Records contained in a dataset:
--------------------------------

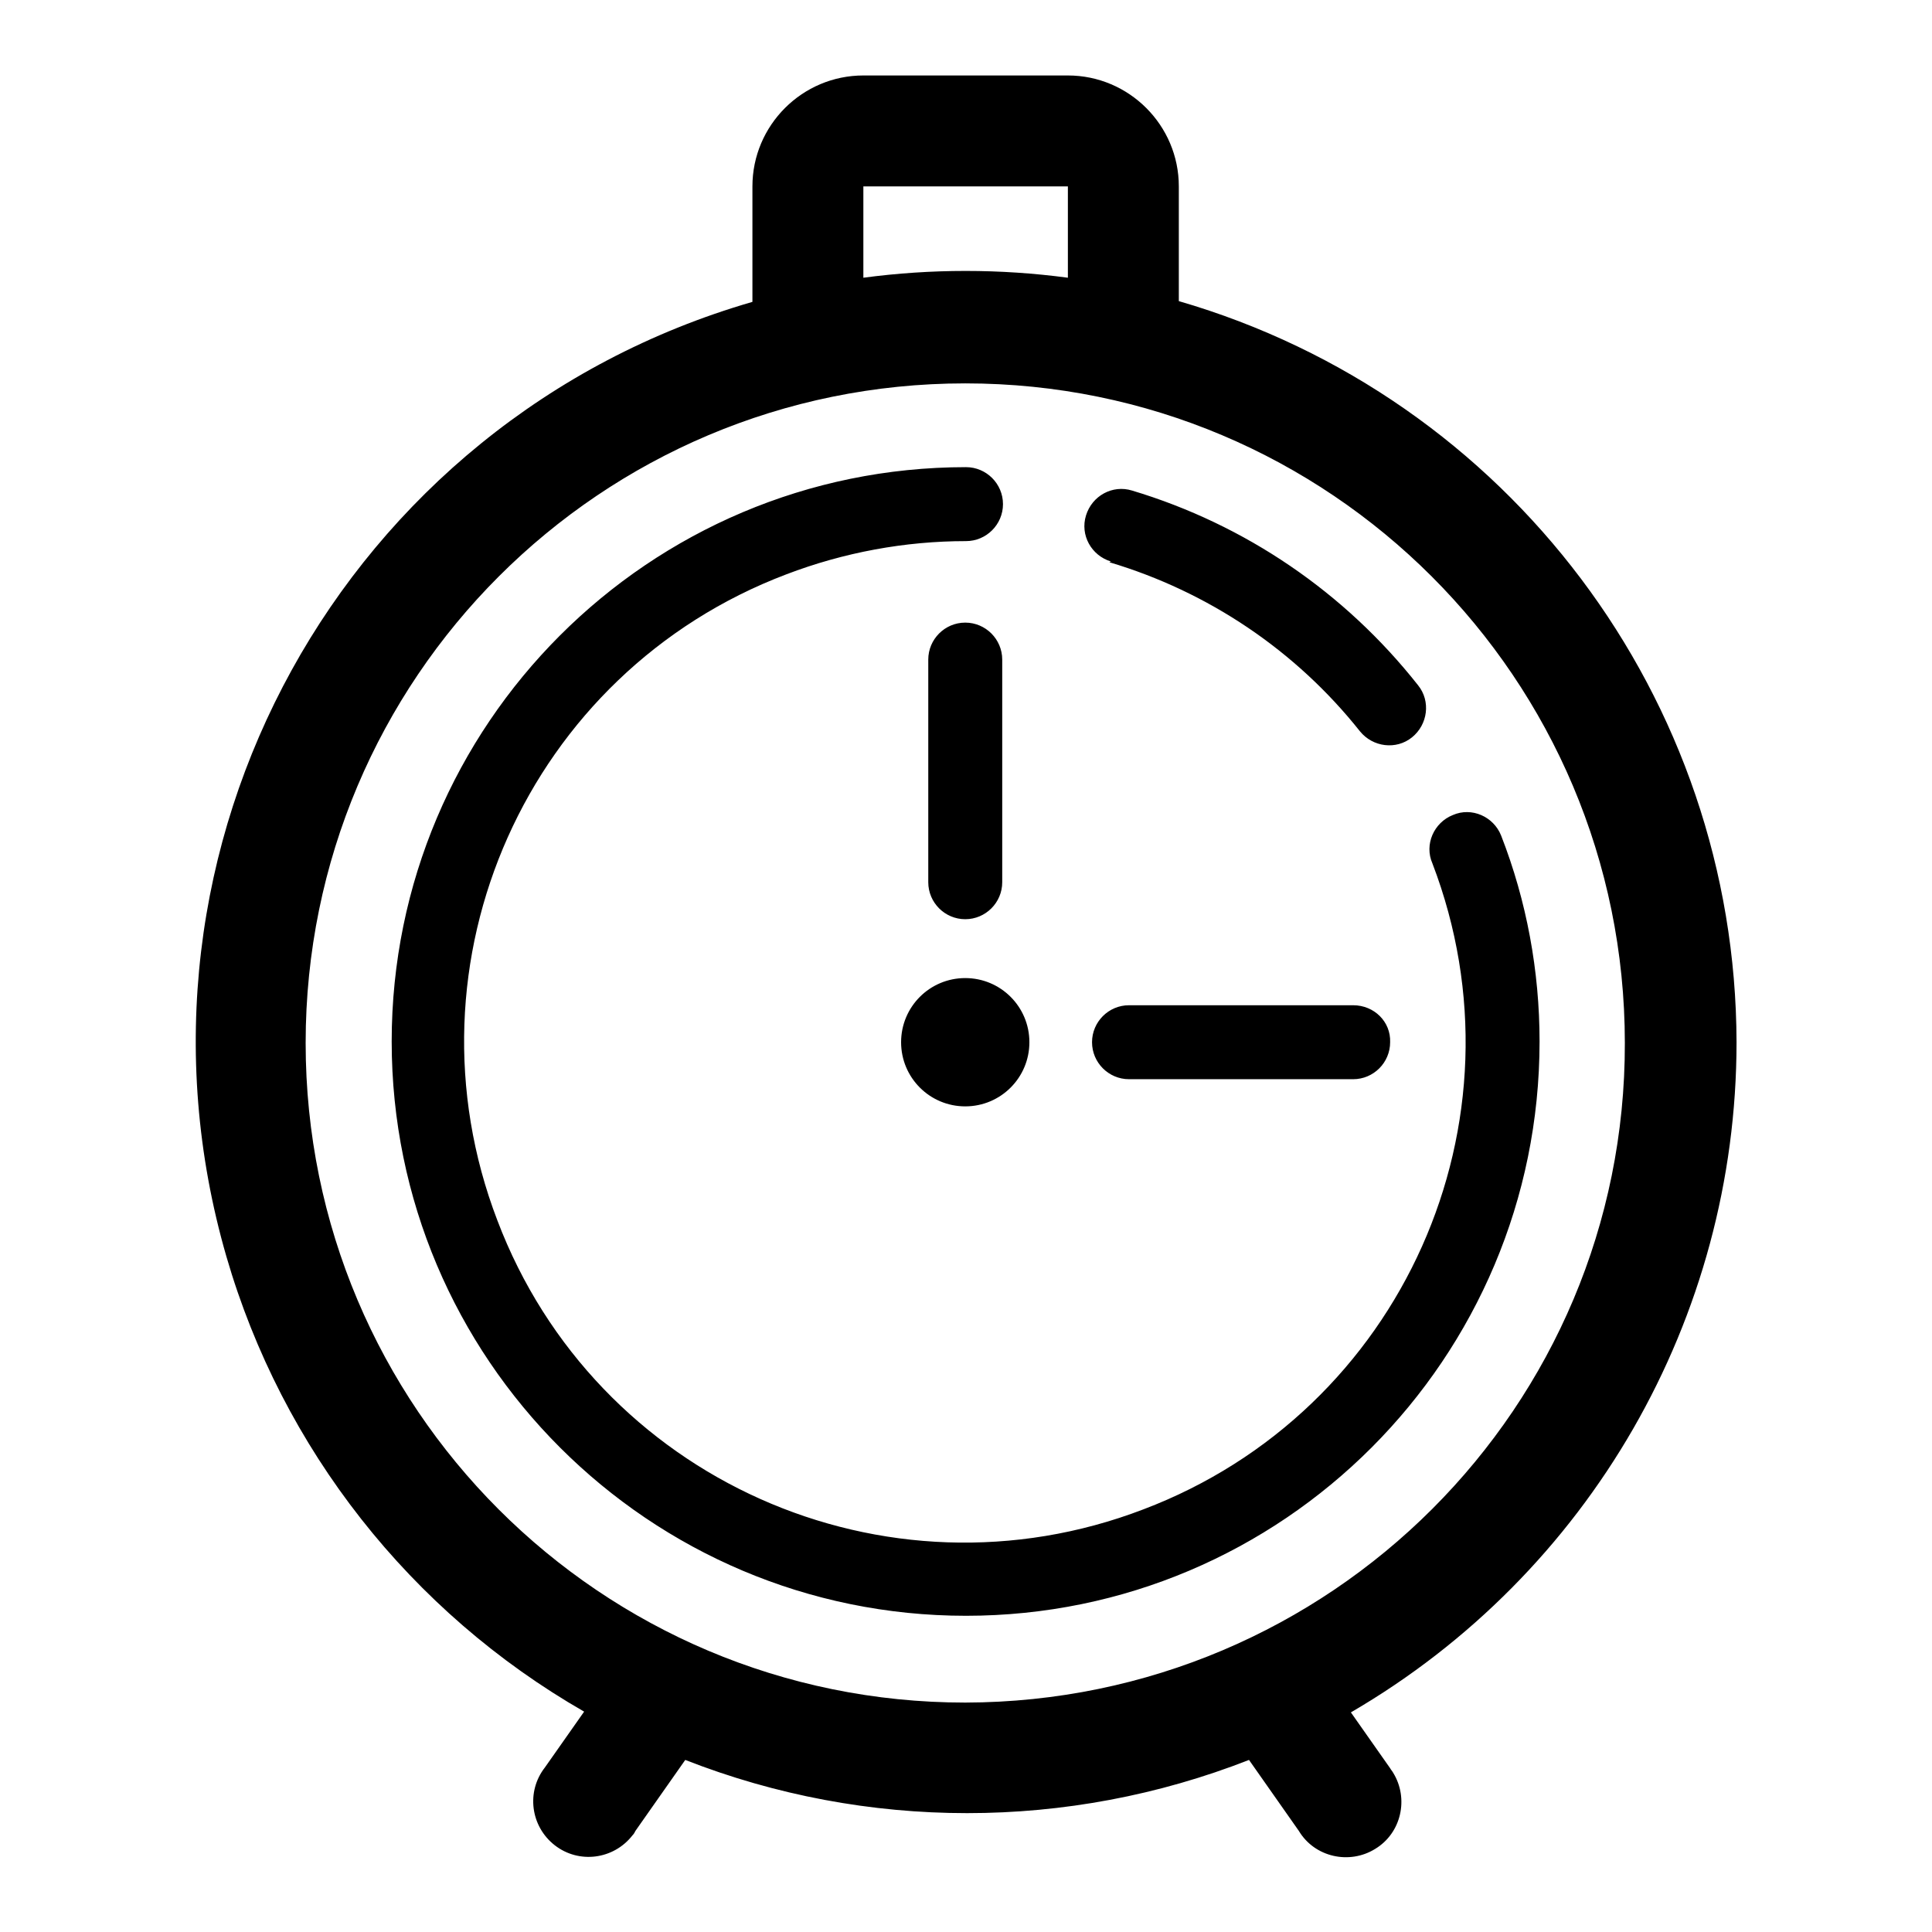 <?xml version="1.0" encoding="utf-8"?>
<!-- Svg Vector Icons : http://www.onlinewebfonts.com/icon -->
<!DOCTYPE svg PUBLIC "-//W3C//DTD SVG 1.1//EN" "http://www.w3.org/Graphics/SVG/1.1/DTD/svg11.dtd">
<svg version="1.1" xmlns="http://www.w3.org/2000/svg" xmlns:xlink="http://www.w3.org/1999/xlink" x="0px" y="0px" viewBox="0 0 256 256" enable-background="new 0 0 256 256" xml:space="preserve">
<g> <path fill="#000000" d="M230.1,138.1c-0.1-45.5-30.2-85.5-73.9-98.2V24.7c0-8.1-6.6-14.7-14.7-14.7h-27.1 c-8.1,0-14.7,6.6-14.7,14.7V40c-54.2,15.7-85.4,72.3-69.7,126.5c7.4,25.5,24.4,47.1,47.4,60.3l-5.2,7.4c-2.5,3.2-1.9,7.8,1.3,10.3 c3.2,2.5,7.8,1.9,10.3-1.3c0.2-0.2,0.3-0.4,0.4-0.6l6.6-9.4c24,9.4,50.7,9.4,74.7,0l6.6,9.4c2.1,3.5,6.7,4.5,10.1,2.4 c3.5-2.1,4.5-6.7,2.4-10.1c-0.1-0.2-0.3-0.4-0.4-0.6l-5.2-7.4C210.6,208.5,230.1,174.7,230.1,138.1L230.1,138.1z M114.4,24.7h27.1 v12.1c-9-1.2-18.1-1.2-27.1,0V24.7z M127.9,225.6c-48.3,0-87.4-39.1-87.4-87.4s39.1-87.4,87.4-87.4c48.3,0,87.4,39.1,87.4,87.4 C215.4,186.4,176.3,225.5,127.9,225.6C128,225.6,128,225.6,127.9,225.6L127.9,225.6z M198.9,110.7c-1-2.5-3.9-3.8-6.4-2.7 c-2.5,1-3.8,3.9-2.7,6.4c13.1,34.2-4,72.6-38.3,85.6c-34.2,13.1-72.6-4-85.6-38.3c-13.1-34.2,4-72.6,38.3-85.6 c7.6-2.9,15.7-4.4,23.8-4.4c2.7,0,4.9-2.2,4.9-4.9c0-2.7-2.2-4.9-4.9-4.9c-42,0-76.1,34.1-76.1,76.1c0,42,34.1,76.1,76.1,76.1 S204,180,204,138C204,128.7,202.3,119.4,198.9,110.7z M147,74.5c13.1,3.9,24.7,11.7,33.2,22.4c1.7,2.1,4.8,2.5,6.9,0.8 c2.1-1.7,2.5-4.8,0.8-6.9C178.2,78.5,165,69.5,150,65c-2.6-0.8-5.3,0.7-6.1,3.3c-0.8,2.6,0.7,5.3,3.3,6.1L147,74.5z M119.4,138.1 c0,4.7,3.8,8.5,8.5,8.5s8.5-3.8,8.5-8.5c0-4.7-3.8-8.5-8.5-8.5S119.4,133.4,119.4,138.1z M132.8,116.9V87.4c0-2.7-2.2-4.9-4.9-4.9 s-4.9,2.2-4.9,4.9v29.5c0,2.7,2.2,4.9,4.9,4.9S132.8,119.6,132.8,116.9L132.8,116.9z M179.3,133.2h-29.7c-2.7,0-4.9,2.2-4.9,4.9 c0,2.7,2.2,4.9,4.9,4.9h29.7c2.7,0,4.9-2.2,4.9-4.9C184.3,135.4,182.1,133.2,179.3,133.2C179.4,133.2,179.3,133.2,179.3,133.2z"/></g>
</svg>

--------------------------------

What this task involves:
Where does the string "http" occur in the data above? Copy every line that holds it.

Output of the task:
<!-- Svg Vector Icons : http://www.onlinewebfonts.com/icon -->
<!DOCTYPE svg PUBLIC "-//W3C//DTD SVG 1.1//EN" "http://www.w3.org/Graphics/SVG/1.1/DTD/svg11.dtd">
<svg version="1.1" xmlns="http://www.w3.org/2000/svg" xmlns:xlink="http://www.w3.org/1999/xlink" x="0px" y="0px" viewBox="0 0 256 256" enable-background="new 0 0 256 256" xml:space="preserve">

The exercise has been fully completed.